(Beginning of DATA RECORDS)
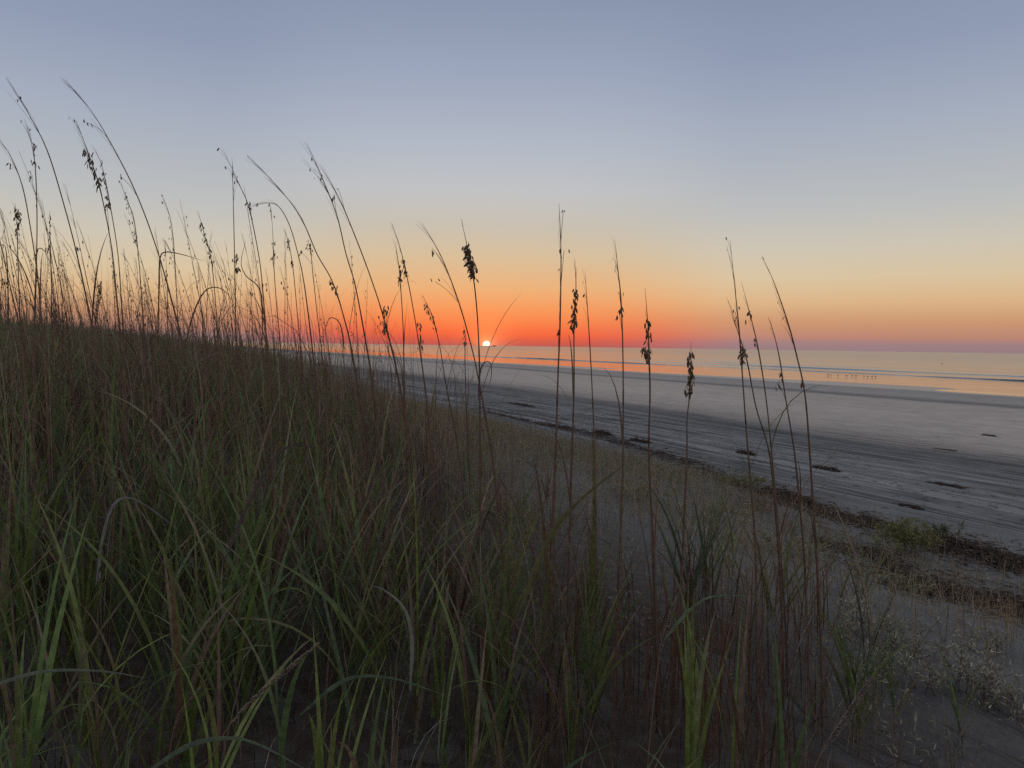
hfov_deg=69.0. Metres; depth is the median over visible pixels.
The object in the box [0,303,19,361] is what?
sea oat
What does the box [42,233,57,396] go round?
sea oat
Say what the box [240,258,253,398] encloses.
sea oat
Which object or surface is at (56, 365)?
sea oat
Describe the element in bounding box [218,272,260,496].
sea oat
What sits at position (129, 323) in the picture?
sea oat
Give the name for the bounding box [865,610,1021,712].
beach weed
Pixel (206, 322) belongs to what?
sea oat
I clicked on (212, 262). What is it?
sea oat
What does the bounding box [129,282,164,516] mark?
sea oat
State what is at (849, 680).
grass tuft
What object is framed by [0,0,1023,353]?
sky
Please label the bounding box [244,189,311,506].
sea oat
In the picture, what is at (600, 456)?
ground creeper
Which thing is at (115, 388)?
sea oat
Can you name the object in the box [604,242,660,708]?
sea oat
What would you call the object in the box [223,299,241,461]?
sea oat
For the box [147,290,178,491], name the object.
sea oat
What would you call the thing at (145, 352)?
sea oat
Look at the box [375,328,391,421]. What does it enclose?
sea oat
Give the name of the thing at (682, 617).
bent leaf
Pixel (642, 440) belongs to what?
(End of DATA RECORDS)
*DESCRIPTION OF THE TASK*:
Only the lines from the one holding "Which thing is at (115, 388)?" to the end of the entries above belong in the answer, each copied exactly.

*EXPECTED ANSWER*:
Which thing is at (115, 388)?
sea oat
Can you name the object in the box [604,242,660,708]?
sea oat
What would you call the object in the box [223,299,241,461]?
sea oat
For the box [147,290,178,491], name the object.
sea oat
What would you call the thing at (145, 352)?
sea oat
Look at the box [375,328,391,421]. What does it enclose?
sea oat
Give the name of the thing at (682, 617).
bent leaf
Pixel (642, 440) belongs to what?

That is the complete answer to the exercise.